You are right, the difference between them is very small and with large $N$ will disappear. In fact most people (at least in my experience) are not aware of any of this; "Cohen's $d$" is often used generically, many people have not heard of Hedges' $g$, but they use the latter formula and call it by the former name. The difference is that Cohen used the maximum likelihood estimator for the variance, which is biased with small $N$, whereas Hedges used Bessel's correction to estimate the variance. (For more on this topic, it may help you to read this CV thread: What is the difference between N and N-1 in calculating population variance?) The corresponding formulas are often known as the population formula for the variance and the sample formula. Recall that these are:
\begin{align}
\text{Var}(X)_\text{population} &= \frac{\sum (x_i-\bar x)^2}{N} \\
~ \\
~ \\
\text{Var}(X)_\text{sample} &= \frac{\sum (x_i-\bar x)^2}{N-1}
\end{align}
As $N$ increases indefinitely, these two estimates will converge to the same value.
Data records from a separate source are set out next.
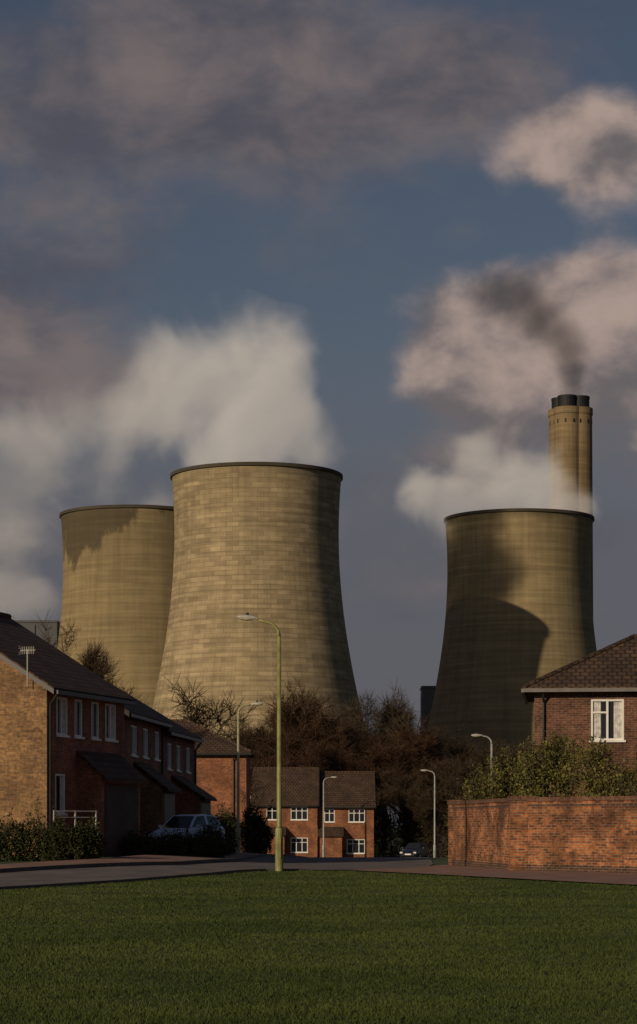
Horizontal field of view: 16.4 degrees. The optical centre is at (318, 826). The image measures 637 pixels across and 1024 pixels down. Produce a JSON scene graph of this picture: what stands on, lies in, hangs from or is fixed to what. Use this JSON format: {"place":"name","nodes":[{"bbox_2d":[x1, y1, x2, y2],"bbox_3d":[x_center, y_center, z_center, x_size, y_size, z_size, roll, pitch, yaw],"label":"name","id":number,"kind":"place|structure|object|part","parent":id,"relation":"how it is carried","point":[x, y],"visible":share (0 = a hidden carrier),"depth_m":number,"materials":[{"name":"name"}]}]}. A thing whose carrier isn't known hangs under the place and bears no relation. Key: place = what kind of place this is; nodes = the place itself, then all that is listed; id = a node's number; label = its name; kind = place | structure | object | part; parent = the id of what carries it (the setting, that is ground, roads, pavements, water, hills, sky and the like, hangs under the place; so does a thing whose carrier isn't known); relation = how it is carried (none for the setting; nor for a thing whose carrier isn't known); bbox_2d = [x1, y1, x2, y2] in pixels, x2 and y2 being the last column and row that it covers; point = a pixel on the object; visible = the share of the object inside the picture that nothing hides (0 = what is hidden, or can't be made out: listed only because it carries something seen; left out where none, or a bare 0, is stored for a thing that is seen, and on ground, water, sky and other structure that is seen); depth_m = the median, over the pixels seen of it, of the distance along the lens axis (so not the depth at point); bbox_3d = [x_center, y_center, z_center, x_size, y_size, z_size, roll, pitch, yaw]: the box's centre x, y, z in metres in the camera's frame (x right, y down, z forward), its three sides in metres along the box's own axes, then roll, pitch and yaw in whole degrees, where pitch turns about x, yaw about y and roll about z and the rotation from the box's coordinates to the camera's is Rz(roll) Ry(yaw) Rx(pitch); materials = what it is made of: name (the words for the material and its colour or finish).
{"place":"outdoors","nodes":[
{"label":"outdoors","id":0,"kind":"place"},
{"bbox_2d":[0,852,258,867],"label":"pavement","id":1,"kind":"structure","parent":0,"point":[146,858],"depth_m":66.08,"materials":[{"name":"grey concrete"}]},
{"bbox_2d":[236,701,263,851],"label":"street lamp","id":2,"kind":"object","parent":1,"relation":"on","point":[238,829],"visible":0.92,"depth_m":105.94,"materials":[{"name":"metal"}]},
{"bbox_2d":[0,856,432,885],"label":"road","id":3,"kind":"structure","parent":0,"point":[105,873],"depth_m":63.90,"materials":[{"name":"grey asphalt"}]},
{"bbox_2d":[0,854,303,872],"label":"kerb","id":4,"kind":"structure","parent":3,"relation":"on","point":[34,868],"depth_m":63.33,"materials":[{"name":"concrete"}]},
{"bbox_2d":[400,843,429,856],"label":"parked car","id":5,"kind":"object","parent":3,"relation":"on","point":[416,850],"visible":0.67,"depth_m":189.03,"materials":[{"name":"black paint"}]},
{"bbox_2d":[0,827,636,1023],"bbox_3d":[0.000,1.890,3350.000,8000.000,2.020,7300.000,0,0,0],"label":"ground","id":6,"kind":"structure","parent":0,"point":[438,860],"depth_m":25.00,"materials":[{"name":"green plant"}]},
{"bbox_2d":[0,799,58,861],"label":"hedge","id":7,"kind":"object","parent":6,"relation":"on","point":[19,844],"visible":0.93,"depth_m":65.47,"materials":[{"name":"green plant"}]},
{"bbox_2d":[14,620,59,647],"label":"power station building","id":8,"kind":"structure","parent":6,"relation":"on","point":[33,626],"depth_m":800.00,"materials":[{"name":"grey concrete"}]},
{"bbox_2d":[34,802,107,861],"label":"hedge","id":9,"kind":"object","parent":6,"relation":"on","point":[86,842],"visible":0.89,"depth_m":65.41,"materials":[{"name":"green plant"}]},
{"bbox_2d":[0,612,148,857],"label":"brick house","id":10,"kind":"structure","parent":6,"relation":"on","point":[61,730],"depth_m":69.87,"materials":[{"name":"brown brick"}]},
{"bbox_2d":[55,773,67,815],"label":"window","id":11,"kind":"structure","parent":10,"relation":"in","point":[59,778],"depth_m":69.15,"materials":[{"name":"white paint"}]},
{"bbox_2d":[56,697,69,737],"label":"window","id":12,"kind":"structure","parent":10,"relation":"in","point":[61,702],"depth_m":69.13,"materials":[{"name":"white paint"}]},
{"bbox_2d":[74,699,84,738],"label":"window","id":13,"kind":"structure","parent":10,"relation":"in","point":[78,703],"depth_m":70.60,"materials":[{"name":"white paint"}]},
{"bbox_2d":[91,701,100,740],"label":"window","id":14,"kind":"structure","parent":10,"relation":"in","point":[94,705],"depth_m":71.91,"materials":[{"name":"white paint"}]},
{"bbox_2d":[105,703,117,742],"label":"window","id":15,"kind":"structure","parent":10,"relation":"in","point":[110,709],"depth_m":73.07,"materials":[{"name":"white paint"}]},
{"bbox_2d":[53,810,96,858],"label":"garden rail","id":16,"kind":"object","parent":6,"relation":"on","point":[75,811],"visible":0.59,"depth_m":66.83,"materials":[{"name":"white metal"}]},
{"bbox_2d":[34,608,154,707],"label":"bare tree","id":17,"kind":"object","parent":6,"relation":"on","point":[91,660],"visible":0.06,"depth_m":139.75,"materials":[{"name":"brown plant"}]},
{"bbox_2d":[57,504,173,706],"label":"cooling tower","id":18,"kind":"structure","parent":6,"relation":"on","point":[118,562],"depth_m":660.32,"materials":[{"name":"concrete"}]},
{"bbox_2d":[124,702,181,837],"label":"brick house","id":19,"kind":"structure","parent":6,"relation":"on","point":[143,745],"depth_m":85.07,"materials":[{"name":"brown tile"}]},
{"bbox_2d":[131,725,138,757],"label":"window","id":20,"kind":"structure","parent":19,"relation":"in","point":[133,728],"depth_m":84.56,"materials":[{"name":"white paint"}]},
{"bbox_2d":[143,728,149,759],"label":"window","id":21,"kind":"structure","parent":19,"relation":"in","point":[145,731],"depth_m":87.50,"materials":[{"name":"white paint"}]},
{"bbox_2d":[155,731,160,761],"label":"window","id":22,"kind":"structure","parent":19,"relation":"in","point":[156,733],"depth_m":89.79,"materials":[{"name":"white paint"}]},
{"bbox_2d":[95,673,216,814],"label":"brick house","id":23,"kind":"structure","parent":6,"relation":"on","point":[180,761],"depth_m":94.53,"materials":[{"name":"brown brick"}]},
{"bbox_2d":[167,743,172,770],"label":"window","id":24,"kind":"structure","parent":23,"relation":"in","point":[169,745],"depth_m":93.37,"materials":[{"name":"white paint"}]},
{"bbox_2d":[177,745,181,772],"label":"window","id":25,"kind":"structure","parent":23,"relation":"in","point":[178,747],"depth_m":95.80,"materials":[{"name":"white paint"}]},
{"bbox_2d":[186,747,190,773],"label":"window","id":26,"kind":"structure","parent":23,"relation":"in","point":[187,749],"depth_m":98.02,"materials":[{"name":"white paint"}]},
{"bbox_2d":[0,868,313,889],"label":"kerb","id":27,"kind":"structure","parent":6,"relation":"on","point":[117,880],"depth_m":52.30,"materials":[{"name":"concrete"}]},
{"bbox_2d":[120,822,234,857],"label":"hedge","id":28,"kind":"object","parent":6,"relation":"on","point":[189,845],"visible":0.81,"depth_m":73.56,"materials":[{"name":"green plant"}]},
{"bbox_2d":[145,814,224,843],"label":"parked car","id":29,"kind":"object","parent":6,"relation":"on","point":[194,821],"visible":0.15,"depth_m":79.71,"materials":[{"name":"silver metal"}]},
{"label":"side window","id":30,"kind":"part","parent":29,"relation":"part of","materials":[{"name":"black glass"}]},
{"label":"side window","id":31,"kind":"part","parent":29,"relation":"part of","materials":[{"name":"black glass"}]},
{"bbox_2d":[170,719,255,850],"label":"brick house","id":32,"kind":"structure","parent":6,"relation":"on","point":[216,766],"depth_m":130.00,"materials":[{"name":"brick"}]},
{"bbox_2d":[154,672,275,820],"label":"bare tree","id":33,"kind":"object","parent":6,"relation":"on","point":[195,717],"visible":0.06,"depth_m":149.56,"materials":[{"name":"brown plant"}]},
{"bbox_2d":[200,811,247,855],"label":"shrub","id":34,"kind":"object","parent":6,"relation":"on","point":[231,836],"visible":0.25,"depth_m":82.84,"materials":[{"name":"green plant"}]},
{"bbox_2d":[216,802,244,850],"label":"shrub","id":35,"kind":"object","parent":6,"relation":"on","point":[228,817],"visible":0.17,"depth_m":119.70,"materials":[{"name":"green plant"}]},
{"bbox_2d":[240,790,273,853],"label":"conifer bush","id":36,"kind":"object","parent":6,"relation":"on","point":[258,836],"visible":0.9,"depth_m":108.74,"materials":[{"name":"green plant"}]},
{"bbox_2d":[224,713,290,850],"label":"bare tree","id":37,"kind":"object","parent":6,"relation":"on","point":[261,728],"visible":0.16,"depth_m":222.62,"materials":[{"name":"brown plant"}]},
{"bbox_2d":[236,613,282,870],"bbox_3d":[-1.702,-2.250,63.995,1.355,7.890,0.240,0,0,0],"label":"street lamp","id":38,"kind":"object","parent":6,"relation":"on","point":[278,837],"visible":0.97,"depth_m":63.94,"materials":[{"name":"metal"}]},
{"bbox_2d":[152,462,391,837],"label":"cooling tower","id":39,"kind":"structure","parent":6,"relation":"on","point":[259,540],"depth_m":579.26,"materials":[{"name":"concrete"}]},
{"bbox_2d":[251,767,318,856],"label":"brick house","id":40,"kind":"structure","parent":6,"relation":"on","point":[300,794],"depth_m":200.08,"materials":[{"name":"brick"}]},
{"bbox_2d":[266,807,276,820],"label":"window","id":41,"kind":"structure","parent":40,"relation":"in","point":[273,814],"depth_m":200.09,"materials":[{"name":"white paint"}]},
{"bbox_2d":[290,807,307,820],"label":"window","id":42,"kind":"structure","parent":40,"relation":"in","point":[297,813],"depth_m":200.09,"materials":[{"name":"white paint"}]},
{"bbox_2d":[290,838,307,852],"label":"window","id":43,"kind":"structure","parent":40,"relation":"in","point":[298,845],"depth_m":200.09,"materials":[{"name":"white paint"}]},
{"bbox_2d":[246,723,356,825],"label":"bare tree","id":44,"kind":"object","parent":6,"relation":"on","point":[308,756],"visible":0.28,"depth_m":217.70,"materials":[{"name":"brown plant"}]},
{"bbox_2d":[256,674,366,770],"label":"bare tree","id":45,"kind":"object","parent":6,"relation":"on","point":[316,723],"visible":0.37,"depth_m":229.06,"materials":[{"name":"brown plant"}]},
{"bbox_2d":[257,702,384,759],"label":"bare tree","id":46,"kind":"object","parent":6,"relation":"on","point":[353,731],"visible":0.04,"depth_m":246.95,"materials":[{"name":"brown plant"}]},
{"bbox_2d":[322,775,336,856],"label":"street lamp","id":47,"kind":"object","parent":6,"relation":"on","point":[323,845],"visible":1,"depth_m":195.94,"materials":[{"name":"beige metal"}]},
{"bbox_2d":[317,771,375,856],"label":"brick house","id":48,"kind":"structure","parent":6,"relation":"on","point":[349,801],"depth_m":200.61,"materials":[{"name":"brick"}]},
{"bbox_2d":[324,809,334,822],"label":"window","id":49,"kind":"structure","parent":48,"relation":"in","point":[329,814],"depth_m":200.68,"materials":[{"name":"white paint"}]},
{"bbox_2d":[346,839,365,853],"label":"window","id":50,"kind":"structure","parent":48,"relation":"in","point":[354,846],"depth_m":200.68,"materials":[{"name":"white paint"}]},
{"bbox_2d":[348,809,365,822],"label":"window","id":51,"kind":"structure","parent":48,"relation":"in","point":[354,815],"depth_m":200.68,"materials":[{"name":"white paint"}]},
{"bbox_2d":[325,731,423,825],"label":"bare tree","id":52,"kind":"object","parent":6,"relation":"on","point":[380,759],"visible":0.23,"depth_m":224.04,"materials":[{"name":"brown plant"}]},
{"bbox_2d":[330,679,419,849],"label":"bare tree","id":53,"kind":"object","parent":6,"relation":"on","point":[388,715],"visible":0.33,"depth_m":259.47,"materials":[{"name":"brown plant"}]},
{"bbox_2d":[347,713,460,827],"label":"bare tree","id":54,"kind":"object","parent":6,"relation":"on","point":[423,742],"visible":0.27,"depth_m":236.14,"materials":[{"name":"brown plant"}]},
{"bbox_2d":[374,784,440,856],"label":"thicket","id":55,"kind":"object","parent":6,"relation":"on","point":[386,823],"visible":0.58,"depth_m":208.99,"materials":[{"name":"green plant"}]},
{"bbox_2d":[376,763,443,845],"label":"bare tree","id":56,"kind":"object","parent":6,"relation":"on","point":[398,783],"visible":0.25,"depth_m":213.90,"materials":[{"name":"brown plant"}]},
{"bbox_2d":[420,686,435,748],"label":"power station building","id":57,"kind":"structure","parent":6,"relation":"on","point":[426,696],"depth_m":800.00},
{"bbox_2d":[421,768,435,857],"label":"street lamp","id":58,"kind":"object","parent":6,"relation":"on","point":[434,845],"visible":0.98,"depth_m":174.94,"materials":[{"name":"beige metal"}]},
{"bbox_2d":[388,763,480,856],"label":"bare tree","id":59,"kind":"object","parent":6,"relation":"on","point":[412,801],"visible":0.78,"depth_m":206.46,"materials":[{"name":"brown plant"}]},
{"bbox_2d":[397,760,486,857],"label":"thicket","id":60,"kind":"object","parent":6,"relation":"on","point":[428,830],"visible":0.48,"depth_m":205.99,"materials":[{"name":"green plant"}]},
{"bbox_2d":[398,722,528,852],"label":"bare tree","id":61,"kind":"object","parent":6,"relation":"on","point":[461,751],"visible":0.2,"depth_m":242.51,"materials":[{"name":"brown plant"}]},
{"bbox_2d":[423,736,530,799],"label":"bare tree","id":62,"kind":"object","parent":6,"relation":"on","point":[463,772],"visible":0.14,"depth_m":221.12,"materials":[{"name":"brown plant"}]},
{"bbox_2d":[472,732,492,782],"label":"street lamp","id":63,"kind":"object","parent":6,"relation":"on","point":[476,735],"visible":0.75,"depth_m":119.96,"materials":[{"name":"beige metal"}]},
{"bbox_2d":[442,760,533,857],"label":"thicket","id":64,"kind":"object","parent":6,"relation":"on","point":[468,795],"visible":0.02,"depth_m":200.03,"materials":[{"name":"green plant"}]},
{"bbox_2d":[399,508,596,835],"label":"cooling tower","id":65,"kind":"structure","parent":6,"relation":"on","point":[519,613],"depth_m":669.15,"materials":[{"name":"concrete"}]},
{"bbox_2d":[461,744,534,799],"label":"shrub","id":66,"kind":"object","parent":6,"relation":"on","point":[493,790],"visible":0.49,"depth_m":71.42,"materials":[{"name":"green plant"}]},
{"bbox_2d":[499,737,533,783],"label":"bare tree","id":67,"kind":"object","parent":6,"relation":"on","point":[526,743],"visible":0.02,"depth_m":256.12,"materials":[{"name":"brown plant"}]},
{"bbox_2d":[447,796,636,872],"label":"garden wall","id":68,"kind":"structure","parent":6,"relation":"on","point":[580,834],"depth_m":63.13,"materials":[{"name":"brick"}]},
{"bbox_2d":[509,726,586,796],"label":"shrub","id":69,"kind":"object","parent":6,"relation":"on","point":[547,775],"visible":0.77,"depth_m":68.36,"materials":[{"name":"green plant"}]},
{"bbox_2d":[548,394,592,611],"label":"chimney stack","id":70,"kind":"object","parent":6,"relation":"on","point":[570,483],"visible":0.35,"depth_m":1019.01,"materials":[{"name":"concrete"}]},
{"bbox_2d":[521,634,636,796],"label":"brick house","id":71,"kind":"structure","parent":6,"relation":"on","point":[594,693],"depth_m":72.05,"materials":[{"name":"brick"}]},
{"bbox_2d":[589,699,625,741],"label":"window","id":72,"kind":"structure","parent":71,"relation":"in","point":[607,715],"depth_m":71.99,"materials":[{"name":"white paint"}]},
{"bbox_2d":[567,736,636,796],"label":"shrub","id":73,"kind":"object","parent":6,"relation":"on","point":[596,760],"visible":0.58,"depth_m":66.69,"materials":[{"name":"green plant"}]},
{"bbox_2d":[617,777,636,795],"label":"shrub","id":74,"kind":"object","parent":6,"relation":"on","point":[630,792],"visible":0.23,"depth_m":65.07,"materials":[{"name":"green plant"}]},
{"bbox_2d":[0,0,636,826],"label":"sky","id":75,"kind":"structure","parent":0,"point":[374,243],"materials":[{"name":"blue"}]},
{"bbox_2d":[352,865,636,884],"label":"pavement","id":76,"kind":"structure","parent":0,"point":[612,878],"depth_m":59.57,"materials":[{"name":"grey concrete"}]}
]}

However, with small samples, the population formula will underestimate the variance because it does not take into account the fact that the mean, $\bar x$, was estimated from the same dataset. When these estimates are subsequently used to estimate the standardized mean difference, that implies that the former will overestimate the effect size.
Thus, with small samples, Hedges' $g$ provides a superior estimate of the standardized mean difference, but the superior performance fades as the sample size increases.